[DIRECTIONS FOR THIS TASK] Starting with the line that contains "The line texture" and stopping after the line that contains "Stroke thickness stays", copy the entries below exactly. Include nothing else.

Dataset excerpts
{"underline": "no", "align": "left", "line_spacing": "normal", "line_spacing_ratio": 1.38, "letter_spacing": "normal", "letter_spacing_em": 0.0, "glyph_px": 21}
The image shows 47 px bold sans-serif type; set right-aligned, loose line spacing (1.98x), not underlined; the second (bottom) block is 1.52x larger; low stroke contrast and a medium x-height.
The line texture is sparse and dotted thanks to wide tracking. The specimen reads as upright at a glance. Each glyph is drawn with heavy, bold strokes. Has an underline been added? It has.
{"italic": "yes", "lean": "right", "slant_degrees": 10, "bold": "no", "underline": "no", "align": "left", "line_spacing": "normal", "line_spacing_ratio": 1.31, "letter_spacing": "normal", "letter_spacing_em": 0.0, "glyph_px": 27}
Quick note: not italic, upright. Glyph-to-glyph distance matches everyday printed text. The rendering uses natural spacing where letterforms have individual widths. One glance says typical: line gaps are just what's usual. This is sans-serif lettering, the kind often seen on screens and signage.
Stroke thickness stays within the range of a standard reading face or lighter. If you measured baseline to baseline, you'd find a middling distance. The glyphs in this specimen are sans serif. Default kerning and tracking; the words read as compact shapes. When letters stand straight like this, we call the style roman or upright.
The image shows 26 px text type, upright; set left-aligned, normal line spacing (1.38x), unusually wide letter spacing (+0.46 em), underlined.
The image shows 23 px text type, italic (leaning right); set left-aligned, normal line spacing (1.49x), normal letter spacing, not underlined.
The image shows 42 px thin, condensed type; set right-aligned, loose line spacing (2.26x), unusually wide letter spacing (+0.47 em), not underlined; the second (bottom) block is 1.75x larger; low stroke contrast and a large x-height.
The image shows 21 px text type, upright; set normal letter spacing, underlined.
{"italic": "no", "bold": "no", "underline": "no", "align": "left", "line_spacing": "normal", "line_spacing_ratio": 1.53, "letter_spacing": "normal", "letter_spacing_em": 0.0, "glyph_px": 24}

[RESPONSE BELOW]
The line texture is sparse and dotted thanks to wide tracking. The specimen reads as upright at a glance. Each glyph is drawn with heavy, bold strokes. Has an underline been added? It has.
{"italic": "yes", "lean": "right", "slant_degrees": 10, "bold": "no", "underline": "no", "align": "left", "line_spacing": "normal", "line_spacing_ratio": 1.31, "letter_spacing": "normal", "letter_spacing_em": 0.0, "glyph_px": 27}
Quick note: not italic, upright. Glyph-to-glyph distance matches everyday printed text. The rendering uses natural spacing where letterforms have individual widths. One glance says typical: line gaps are just what's usual. This is sans-serif lettering, the kind often seen on screens and signage.
Stroke thickness stays within the range of a standard reading face or lighter. If you measured baseline to baseline, you'd find a middling distance. The glyphs in this specimen are sans serif. Default kerning and tracking; the words read as compact shapes. When letters stand straight like this, we call the style roman or upright.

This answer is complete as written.